A physical wiring diagram for the human immune system

The human immune system is composed of a distributed network of cells circulating throughout the body, which must dynamically form physical associations and communicate using interactions between their cell-surface proteomes(1). Despite their therapeutic potential(2), our map of these surface interactions remains incomplete(3,4). Here, using a high-throughput surface receptor screening method, we systematically mapped the direct protein interactions across a recombinant library that encompasses most of the surface proteins that are detectable on human leukocytes. We independently validated and determined the biophysical parameters of each novel interaction, resulting in a high-confidence and quantitative view of the receptor wiring that connects human immune cells. By integrating our interactome with expression data, we identified trends in the dynamics of immune interactions and constructed a reductionist mathematical model that predicts cellular connectivity from basic principles. We also developed an interactive multi-tissue single-cell atlas that infers immune interactions throughout the body, revealing potential functional contexts for new interactions and hubs in multicellular networks.

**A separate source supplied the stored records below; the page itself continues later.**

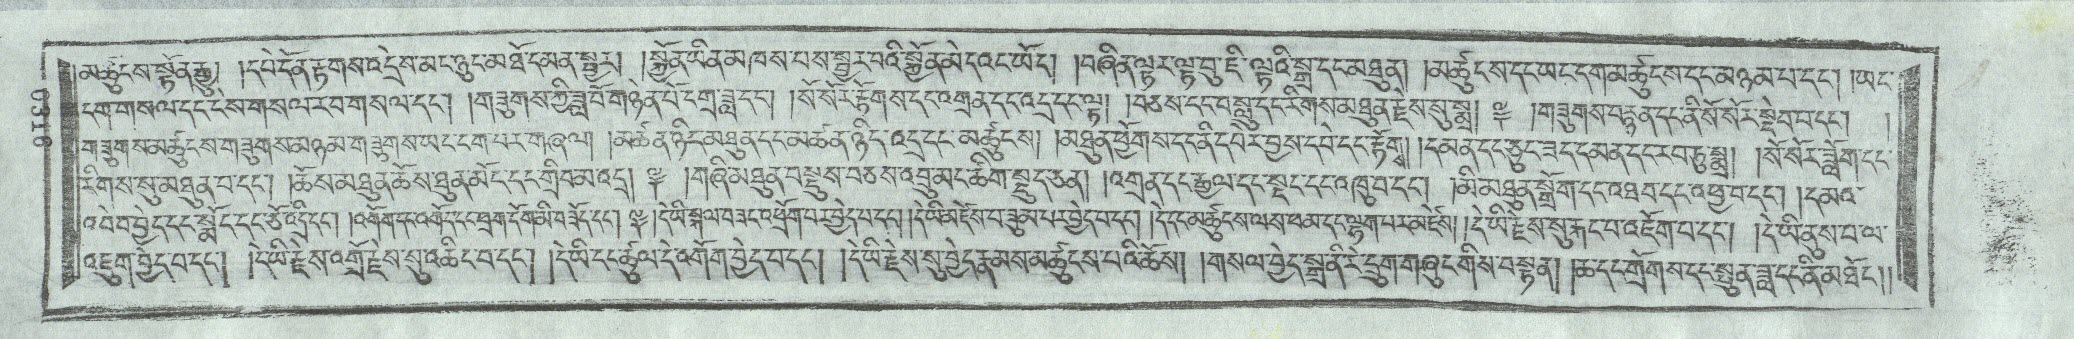མཚུངས་སྟོན་རྒྱུ། །དཔེ་དོན་རྟགས་འདྲེས་མང་ཉུང་མཐོ་དམན་སྦྱར། །སྐྱོན་ཡིན་མཁས་བས་སྦྱར་བའི་སྐྱོན་མེད་འང་ཡོད། །བཞི་ལྟར་ལྟ་བུ་ཇི་ལྟའི་སྒྲ་དང་མཐུན། །མཚུངས་དང་ཡང་དག་མཚུངས་དང་མཉམ་པ་དང་། ཡང་
དག་གསལ་དང་ངེས་གསལ་རབ་གསལ་དང་། །གཟུགས་ཀྱི་ཟླ་བོ་གཉེན་པོ་དགྲ་ཟླ་དང་། །སོ་སོར་རྟོགས་དང་འགྲན་དང་འདྲ་དང་ལྟ། །བཅས་དང་བསླུ་དང་རིགས་མཐུན་རྗེས་སུ་སྨྲ། ༈ །གཟུགས་བརྙན་དང་ནི་སོ་སོར་སྡེག་པ་དང་།
གཟུགས་མཚུངས་མཚུངས་གཟུགས་མཉམ་གཟུགས་ཡང་དག་པར་གཞལ། །མཚན་ཉིད་མཐུན་དང་མཚན་ཉིད་འདྲ་དང་མཚུངས། །མཐུན་ཕྱོགས་དང་ནི་དཔེར་བྱས་དཔེ་དང་རྟོགས། །དམན་དང་ཅུང་ཟད་དམན་དང་རབ་ཏུ་སྨྲ། །སོ་སོར་ཟློག་དང་
རིགས་སུ་མཐུན་པ་དང་། །ཆོས་མཐུན་ཆོས་ཐུན་མོང་དང་གྲིབ་མ་འདྲ། ༈ །གཞི་མཐུན་བསྡུས་བཅས་འབྲུ་མང་ཚིག་སྡུད་ཅན། །འགྲན་དང་རྒྱལ་དང་སྡང་དང་འཁུ་བ་དང་། །མི་མཐུན་སྒྲོག་དང་འཐབ་དང་འཕྱ་བ་དང་། །དམའ་
འབེབ་བྱེད་དང་སྨོད་དང་ཅོ་འདི་དང་། །འགོག་དང་འགོད་དང་བྲག་དོག་མི་བཟོད་དང་། ༈ །དེ་ཡི་སྐལ་བཟང་འཕྲོག་པར་བྱེད་པ་དང་། །དེ་ཡི་མཛེས་པ་ཟུམ་པར་བྱེད་པ་དང་། །དེ་དང་མཚུངས་ལས་ཕམ་དང་ལྷག་པར་མཛེས། །དེ་ཡི་རྗེས་སུ་རྐང་བ་འཇོག་པ་དང་། །དེ་ཡི་ནུས་པ་ལ་
འཇུག་བྱེད་པ་དང་། །དེ་ཡི་རྗེས་འགྲོ་རྗེས་སུ་འཆིང་བ་དང་། །དེ་ཡི་ངང་ཚུལ་དེ་འགོག་བྱེད་པ་དང་། །དེ་ཡི་རྗེས་སུ་བྱེད་རྣམས་མཚུངས་པའི་ཆོས། །གསལ་བྱེད་སྒྲ་ནི་རེ་དྲུག་གཞུང་གིས་བསྟན། །ཆ་དང་གྲོགས་དང་སྤུན་ཟླ་དང་ནི་མ་འོང?། །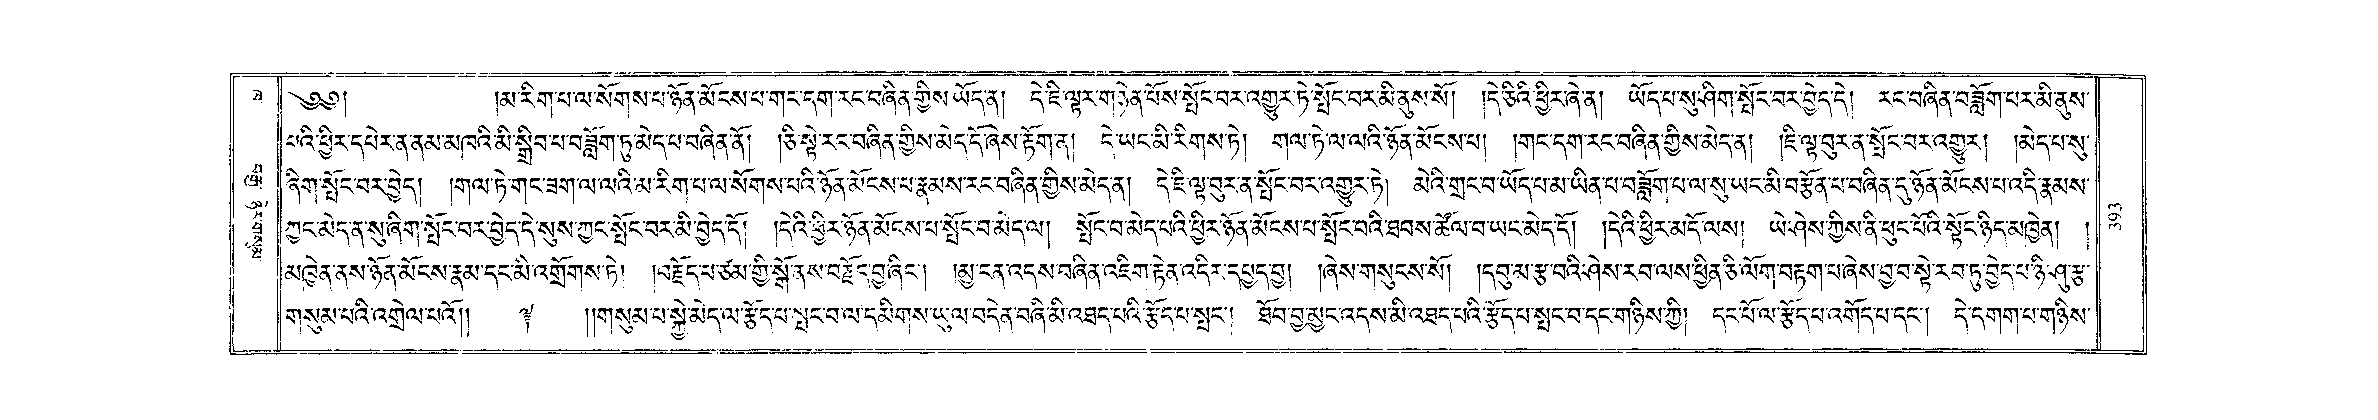༄༅། །མ་རིག་པ་ལ་སོགས་པ་ཉོན་མོངས་པ་གང་དག་རང་བཞིན་གྱིས་ཡོད་ན། དེ་ཇི་ལྟར་གཉེན་པོས་སྤོང་བར་འགྱུར་ཏེ་སྤོང་བར་མི་ནུས་སོ། །དེ་ཅིའི་ཕྱིར་ཞེ་ན། ཡོད་པ་སུ་ཤིག་སྤོང་བར་བྱེད་དེ། རང་བཞིན་བཟློག་པར་མི་ནུས་
པའི་ཕྱིར་དཔེར་ན་ནམ་མཁའི་མི་སྒྲིབ་པ་བཟློག་ཏུ་མེད་པ་བཞིན་ནོ། །ཅི་སྟེ་རང་བཞིན་གྱིས་མེད་དོ་ཞེས་རྟོག་ན། དེ་ཡང་མི་རིགས་ཏེ། གལ་ཏེ་ལ་ལའི་ཉོན་མོངས་པ། །གང་དག་རང་བཞིན་གྱིས་མེད་ན། །ཇི་ལྟ་བུར་ན་སྤོང་བར་འགྱུར། །མེད་པ་སུ་
ཞིག་སྤོང་བར་བྱེད། །གལ་ཏེ་གང་ཟག་ལ་ལའི་མ་རིག་པ་ལ་སོགས་པའི་ཉོན་མོངས་པ་རྣམས་རང་བཞིན་གྱིས་མེད་ན། དེ་ཇི་ལྟ་བུར་ན་སྤོང་བར་འགྱུར་ཏེ། མེའི་གྲང་བ་ཡོད་པ་མ་ཡིན་པ་བཟློག་པ་ལ་སུ་ཡང་མི་བརྩོན་པ་བཞིན་དུ་ཉོན་མོངས་པ་འདི་རྣམས་
ཀྱང་མེད་ན་སུ་ཞིག་སྤོང་བར་བྱེད་དེ་སུས་ཀྱང་སྤོང་བར་མི་བྱེད་དོ། །དེའི་ཕྱིར་ཉོན་མོངས་པ་སྤོང་བ་མེད་ལ། སྤོང་བ་མེད་པའི་ཕྱིར་ཉོན་མོངས་པ་སྤོང་བའི་ཐབས་ཚོལ་བ་ཡང་མེད་དོ། །དེའི་ཕྱིར་མདོ་ལས། ཡེ་ཤེས་ཀྱིས་ནི་ཕུང་པོའི་སྟོང་ཉིད་མཁྱེན། །
མཁྱེན་ནས་ཉོན་མོངས་རྣམ་དང་མི་འགྲོགས་ཏེ། །བརྗོད་པ་ཙམ་གྱི་སྒོ་ནས་བརྗོད་བྱ་ཞིང་། །མྱ་ངན་འདས་བཞིན་འཇིག་རྟེན་འདིར་དཔྱད་བྱ། །ཞེས་གསུངས་སོ། །དབུ་མ་རྩ་བའི་ཤེས་རབ་ལས་ཕྱིན་ཅི་ལོག་བརྟག་པ་ཞེས་བྱ་བ་སྟེ་རབ་ཏུ་བྱེད་པ་ཉི་ཤུ་ཙ་
གསུམ་པའི་འགྲེལ་པའོ།། ༈ །།གསུམ་པ་སྐྱེ་མེད་ལ་རྩོད་པ་སྤང་བ་ལ་དམིགས་ཡུལ་བདེན་བཞི་མི་འཐད་པའི་རྩོད་པ་སྤང་། ཐོབ་བྱ་མྱང་འདས་མི་འཐད་པའི་རྩོད་པ་སྤང་བ་དང་གཉིས་ཀྱི། དང་པོ་ལ་རྩོད་པ་འགོད་པ་དང་། དེ་དགག་པ་གཉིས་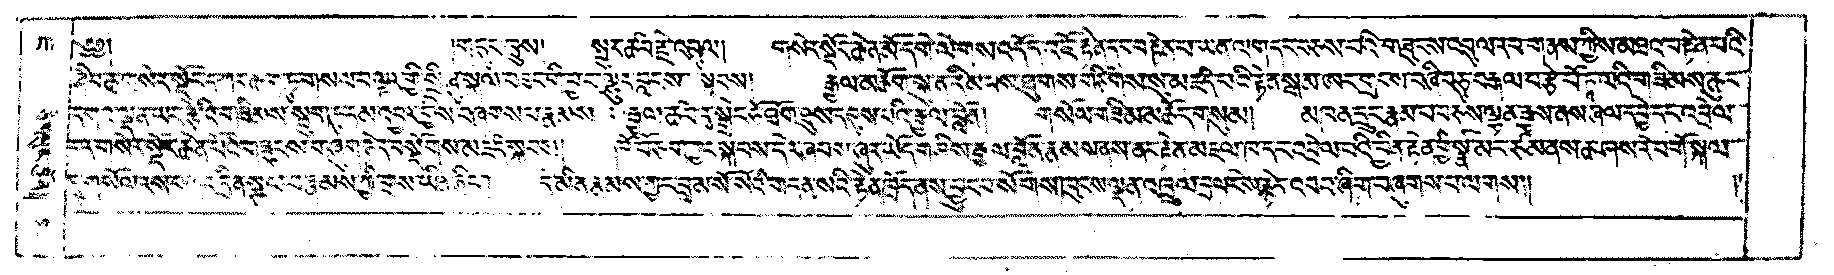༄༅། །གདུང་ཁྲུས། སྤུར་ཚབ་རྗེ་འབུལ། གསེར་སྡོང་ཆེན་མོ་དགེ་ལེགས་འདོད་འཇོ་རྟེན་དང་བརྟེན་པ་ཡན་ལག་དང་བཅས་པའི་གཟུངས་འབུལ་རབ་གནས་ཀྱིས་མཐའ་བརྟེན་པའི་
ཞིབ་ཆ་གསེར་སྡོང་དཀར་ཆག་ཏུ་གསལ་བ་ལྟར་གྱི་སྲི་ཞུ་སྐལ་བཟང་གི་བྱ་བ་ལྷུར་བླངས་སྐབས། ༈ རྒྱལ་མཆོག་སྐུ་ན་རིམ་པས་ཐུགས་གཙིགས་སུ་མཛད་པའི་རྟེན་སྒམ་ཨང་གྲངས་བཞི་བཅུ་བརྒལ་བ་རྩེ་པོ་ཏཱ་ལའི་གཟིམས་ཆུང་
དགའ་ལྡན་ཡང་རྩེའི་གཟིམས་སྦུག་ཏུ་དམ་འབྱར་གྱིས་བཞུགས་པ་རྣམས་༈ རྒྱལ་ཚབ་རྭ་སྒྲེང་ཧོ་ཐོག་ཐུས་དབུས་པའི་རྒྱལ་བློན། གསོལ་གཟིམ་མཆོད་གསུམ། མཁན་དྲུང་རྣམ་པ་བཅས་ལྷན་རྒྱས་ནས་ཞལ་དབྱེ་དང་འབྲེལ་
བར་གསེར་སྡོང་ཆེན་པོའི་གཟུངས་གཞུག་ཉེར་བསྡོགས་མཛད་སྐབས། ཁོ་བོ་ཅག་ཀྱང་སྐབས་དེར་ཞབས་ཞུར་ཡོད་གཤིས་རྒྱལ་བློན་རྣམས་ནས་ནང་རྟེན་མཇལ་ཁ་དང་འབྲེལ་བའི་བྱིན་རྟེན་གྱི་སྣེ་མང་ཙམ་ནས་ཆ་ཤས་རེ་བགོ་སྐལ་
དུ་གསོལ་རས་བཀའ་དྲིན་སྩལ་བ་རྣམས་ཀྱི་གྲས་ཡིན་ཞིང་། དེ་མིན་རྣམས་ཀྱང་བླ་མ་སོ་སོའི་གདན་སའི་རྟེན་ཁྲོད་ནས་བྱུང་བ་སོགས་ཁུངས་ལྡན་འཁྲུལ་བྲལ་ངེས་རྙེད་འབའ་ཞིག་བཞུགས་པ་ལགས།། །།

Finally, we combined targeted protein stimulation of human leukocytes with multiplex high-content microscopy to link our receptor interactions to functional roles, in terms of both modulating immune responses and maintaining normal patterns of intercellular associations. Together, our work provides a systematic perspective on the intercellular wiring of the human immune system that extends from systems-level principles of immune cell connectivity down to mechanistic characterization of individual receptors, which could offer opportunities for therapeutic intervention.

Automated summary

In this study, we systematically mapped the direct protein interactions across a recombinant library that includes most of the surface proteins on human leukocytes, providing a high-confidence and quantitative view of the receptor wiring that connects human immune cells. By integrating our interactome with expression data, we identified trends in the dynamics of immune interactions and constructed a mathematical model that predicts cellular connectivity. We also developed an interactive multi-tissue single-cell atlas to infer immune interactions throughout the body and linked our receptor interactions to functional roles through protein stimulation and microscopy.